Depuis la Comédie des ânes de Plaute, nous apprenons que « l’homme est un loup pour l’homme ». Pauvre loup ! Il a si souvent été le centre de légendes extravagantes qu’il a inspiré beaucoup d’expériences et de proverbes illustrant les travers humains : crier au loup, hurler avec les loups, se jeter dans la gueule du loup, faire entrer le loup dans la bergerie, quand c’est flou c’est qu’il y a un loup… Il est sûr que cette longue tradition orale ne le rend aucunement sympathique. D’autant que l’adage latin a été repris par le philosophe Thomas Hobbes pour illustrer sa réflexion : les hommes, s’ils restent à l’état naturel, c’est-à-dire sans État pour les diriger et leur imposer des limites, essaieront de prendre les biens et le territoire d’autrui et s’entretueront. Charmant programme…

Loup y es-tu ?

Il est en tout cas victime d’une peur ancestrale car les chiffres sont là. L’être le plus nocif pour l’homme sur terre est dans l’ordre :

• le moustique : 725 000 morts par an,

• l’homme : 475 000,

• le serpent : 50 000,

• le chien : 25 000.

Le loup est cité1 en 14e position avec 10 morts à son passif, comme le requin, mais cent fois moins que le crocodile.

On devrait tenir un jugement beaucoup plus sévère envers l’homme, qui arrive à tuer chaque année l’équivalent d’une ville comme Toulouse, quatrième ville de France par la population. Le traiter de loup revient à l’exonérer de ses méfaits, l’assimiler à un moustique serait bien plus juste mais tellement peu crédible ! Arthur Schopenhauer le confirme : « En cruauté impitoyable, l’homme ne le cède à aucun tigre, à aucune hyène. » Les guerres font assurément douter de notre humanité, le loup est un agneau comparé à l’homme !

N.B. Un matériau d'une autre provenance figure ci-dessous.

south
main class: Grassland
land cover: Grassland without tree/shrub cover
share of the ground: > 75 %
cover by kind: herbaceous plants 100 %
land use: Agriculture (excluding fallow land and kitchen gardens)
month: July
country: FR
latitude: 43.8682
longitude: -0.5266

Je n’ose pas dire revenons à nos moutons, mais d’où vient alors cette connotation si méprisante envers le loup ?

Pourquoi cette discrimination ?

On sait depuis longtemps que le loup est un prédateur carnassier, vivant et chassant en meutes organisées, selon une hiérarchie sociale stricte. Qu’il est impossible à apprivoiser et qu’il est connu pour sa voracité et sa gloutonnerie, le phoque a même été surnommé pour cette raison loup des mers, loufoque non ? (Désolé, c’est plus fort que moi.)

Les éleveurs se désolent aujourd’hui de la réintroduction de l’animal qui avait disparu en France depuis les années trente. Le coût de la préservation de l’espèce s’élève en 2017 à 11 741 bêtes tuées, soit trois fois plus qu’il y a dix ans2. On les comprend.

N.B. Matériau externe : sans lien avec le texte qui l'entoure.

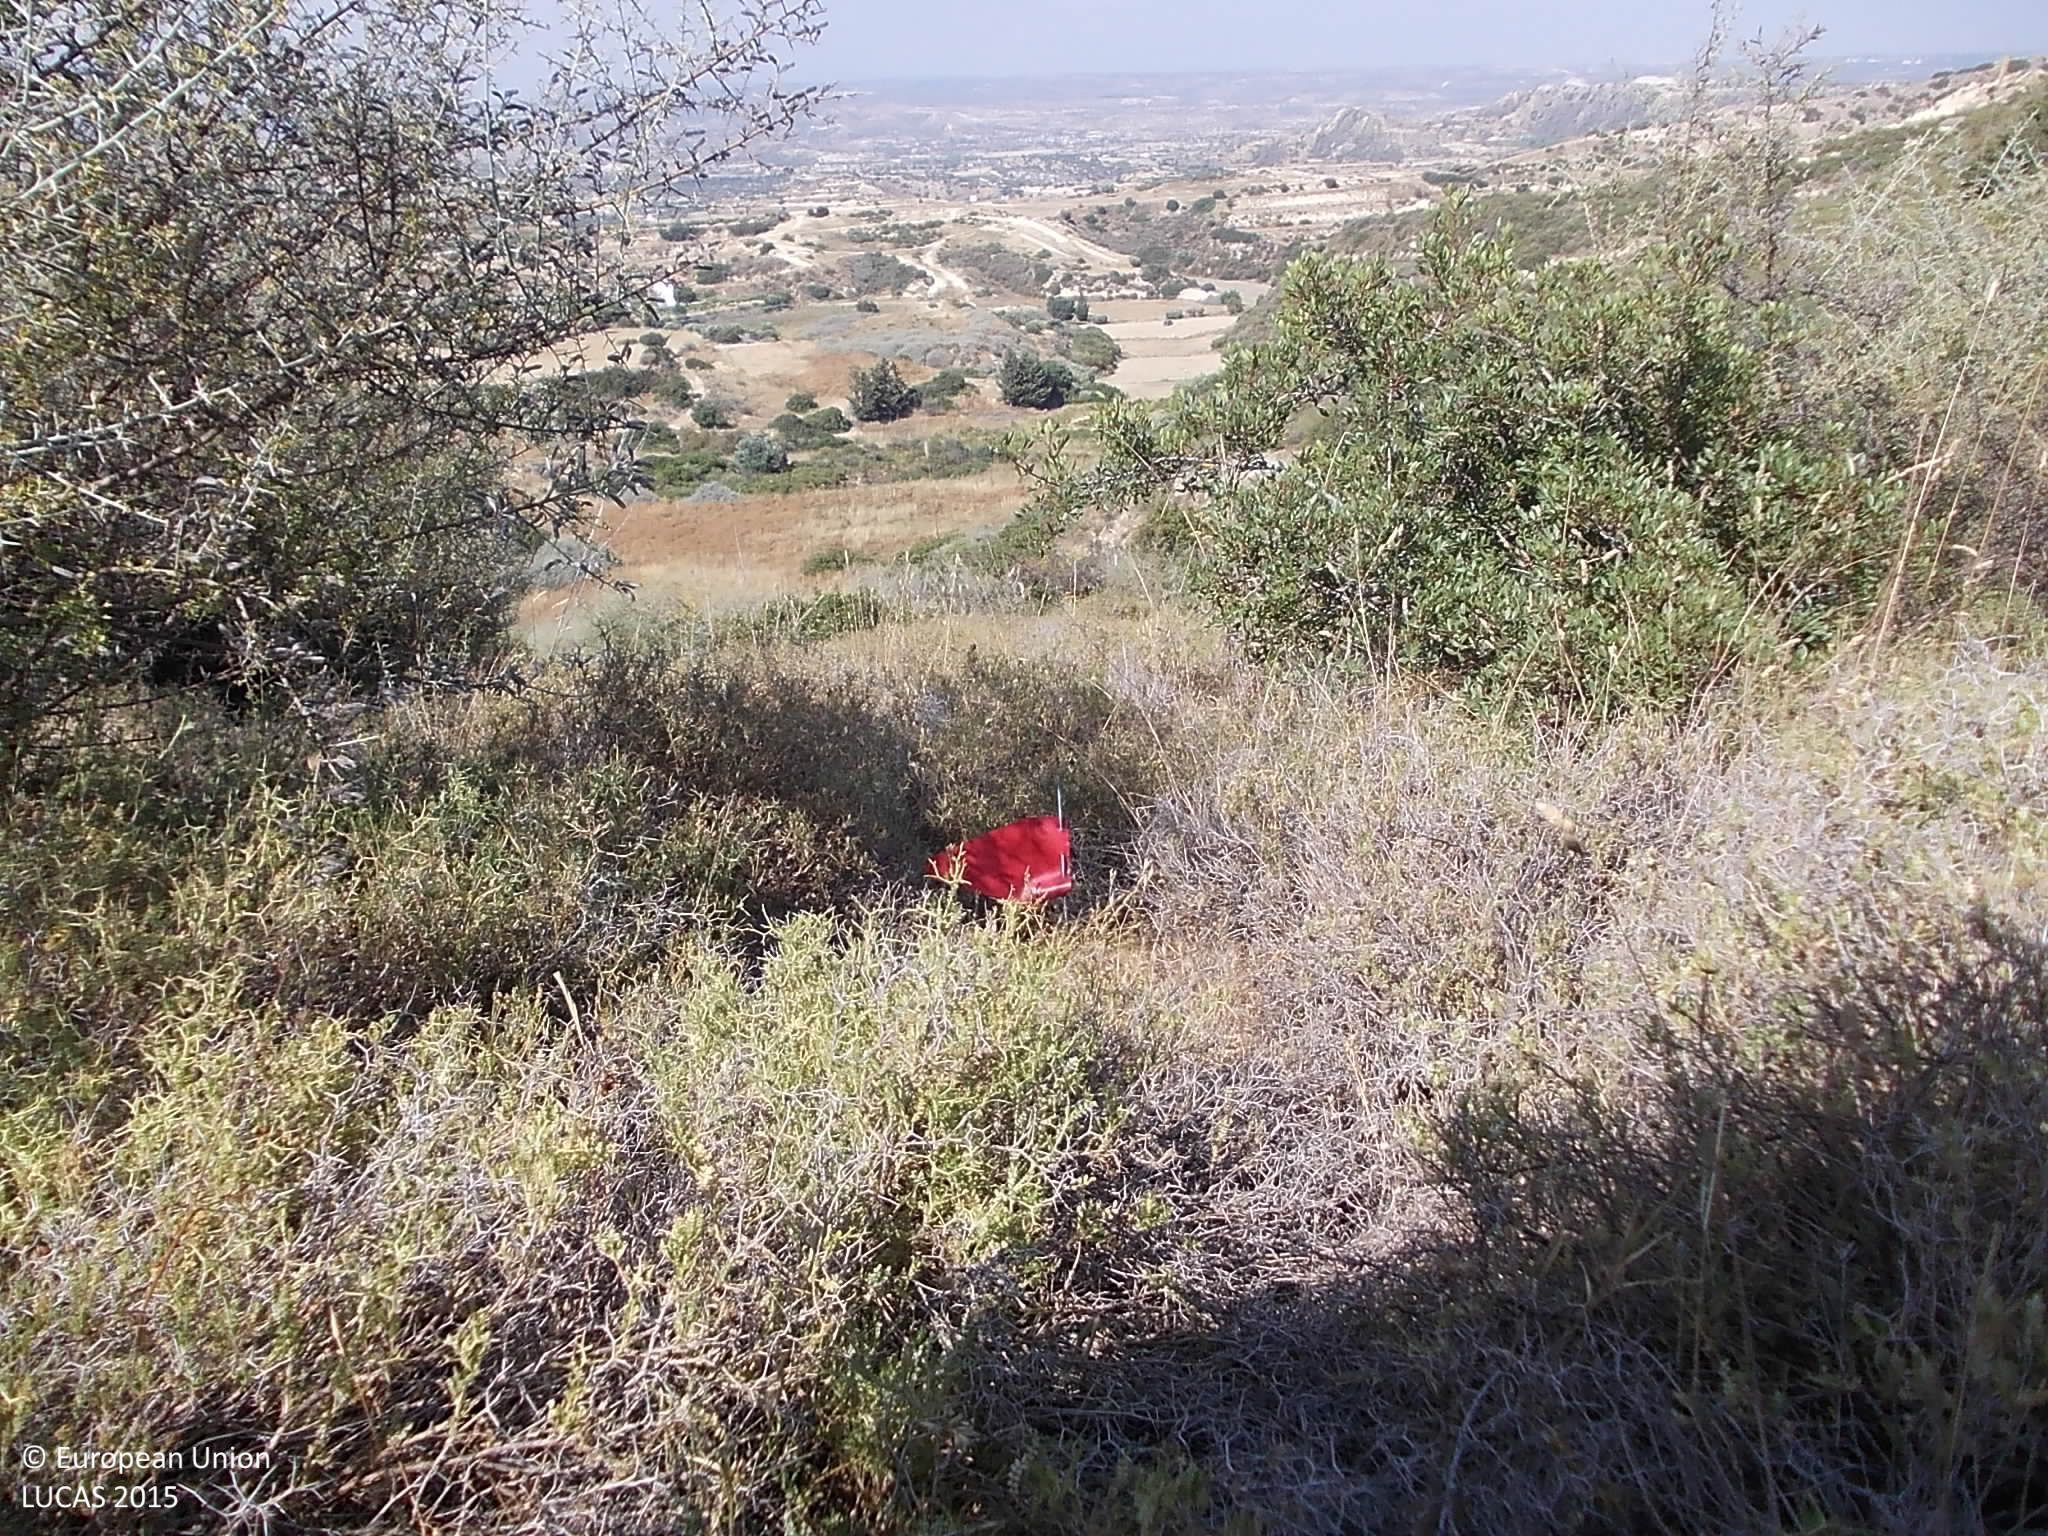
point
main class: Shrubland
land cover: Shrubland without tree cover
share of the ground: > 75 %
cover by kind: shrubs 95 %, herbaceous plants 5 %
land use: Semi-natural and natural areas not in use
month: June
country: CY
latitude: 34.6623
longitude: 32.7067

En fait, le loup est un danger non pas pour ses congénères mais pour ses proies. La méchanceté du loup s’est construite sur sa capacité à tuer un gibier fruit du travail de l’éleveur. L’analogie serait plus pertinente en choisissant des animaux cannibales comme certains têtards ou rongeurs. L’homme, un rongeur pour l’homme ?

Qu’en déduire pour notre management ?

Michel Serres nous apporte une réponse3 : « Nous devrions devenir des loups, ces animaux grégaires qui sont organisés en meutes au sein d’une organisation cohérente et rationnelle. » Il ajoute : « Les louves sont, notamment, des éducatrices admirables. La preuve, c’est que l’empire romain a été fondé par des jeunes gens qui ont tété sous le ventre des louves… Dans ce sens, l’homme est un loup pour l’homme, et c’est tant mieux. »

Alors, devenons des loups du monde moderne, pas pour leur caractéristique convenue de sauvagerie, mais pour leurs qualités de collaboration, de pédagogie et de proximité. Éduquons dès maintenant nos p’tits loups !

(1) Blog de Bill Gates : L’animal le plus mortel du monde : https://www.gatesnotes.com/Health/Most-Lethal-Animal-Mosquito-Week.

(2) In Le Monde du 19 février 2018 : Comment le loup a fait son retour en France.

(3) In Le Monde du dimanche 11 – lundi 12 septembre 2018.